In the last two years, NVIDIA has most often presented its reference graphics cards with the so-called centrifugal fan (or turbine) as the main cooling system, which most manufacturers subsequently send to the landfill, replacing them with classic air cooling systems. As a result, of the major brands, only Asus and Gigabyte do not forget about turbines, in the assortment of which there are separate lines of such video accelerators.


The advantage of such systems over conventional fans lies in the reduced dimensions and nuances of cooling. Firstly, a turbine usually takes up fewer slots than an identical model with axial fans, so it is easier to place an SLI/Crossfire bundle of several cards with turbines inside the case. Secondly, the turbine does not emit hot air inside the housing towards the processor or the north bridge, which simplifies air circulation inside the housing. Therefore, in a system with a turbine graphics card, a conditional 12-core Ryzen 9 or Core i9 may well do with a box cooler.
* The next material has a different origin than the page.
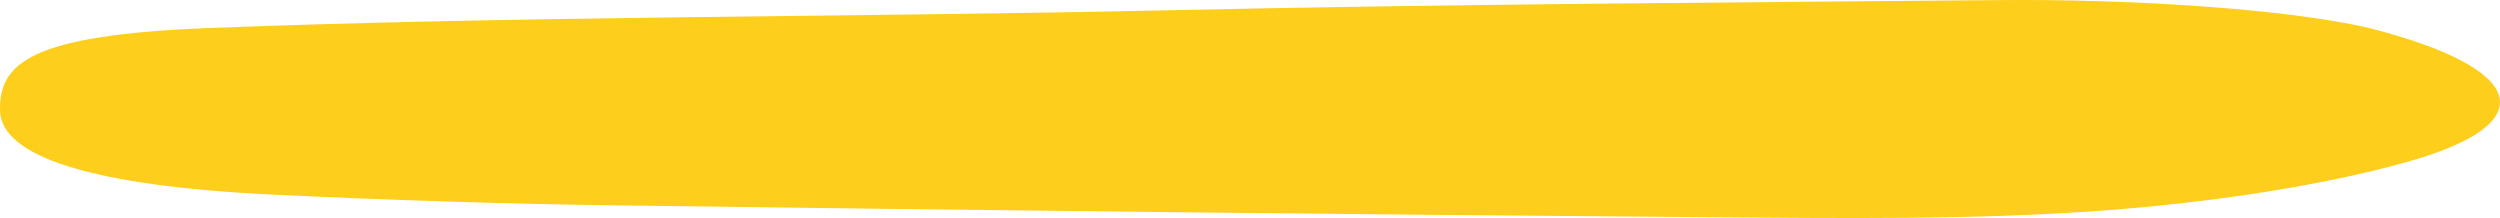 <svg width="172" height="15" viewBox="0 0 172 15" fill="none" xmlns="http://www.w3.org/2000/svg">
<path d="M163.002 1.928C173.918 4.715 175.035 8.499 165.624 11.136C159.651 12.814 151.961 13.948 144.625 14.49C135.984 15.125 126.888 15.015 118.001 14.947C92.825 14.755 67.658 14.469 42.479 14.13C34.556 14.021 26.629 13.766 18.759 13.388C6.315 12.794 0.056 10.769 0.001 7.6C-0.049 4.383 1.972 2.41 14.383 1.928C35.76 1.096 58.945 1.18 80.395 0.706C99.532 0.287 118.535 0.175 137.7 0.006C145.939 -0.068 156.964 0.531 163.002 1.928Z" fill="#FDCE1B"/>
</svg>

The flip side of the coin is acceleration and noise level. For example, the Gigabyte GeForce RTX 2080 TURBO that visited our tests at one time left a dual impression: in automatic mode, it kept the temperature well within operating limits, but the dynamic core frequency dropped below the claimed level. Because of this, it was necessary to manually increase the speed of the turntable, and it made a lot of noise. The new 3080 in the Turbo version is not much different. If the RTX 3080 cards performed by Aorus or Windforce are practically not heard during rendering, the RTX 3080 Turbo will declare itself in full voice. Because of these features, Turbo graphics cards are more suitable for complex creative or computational work, rather than for games.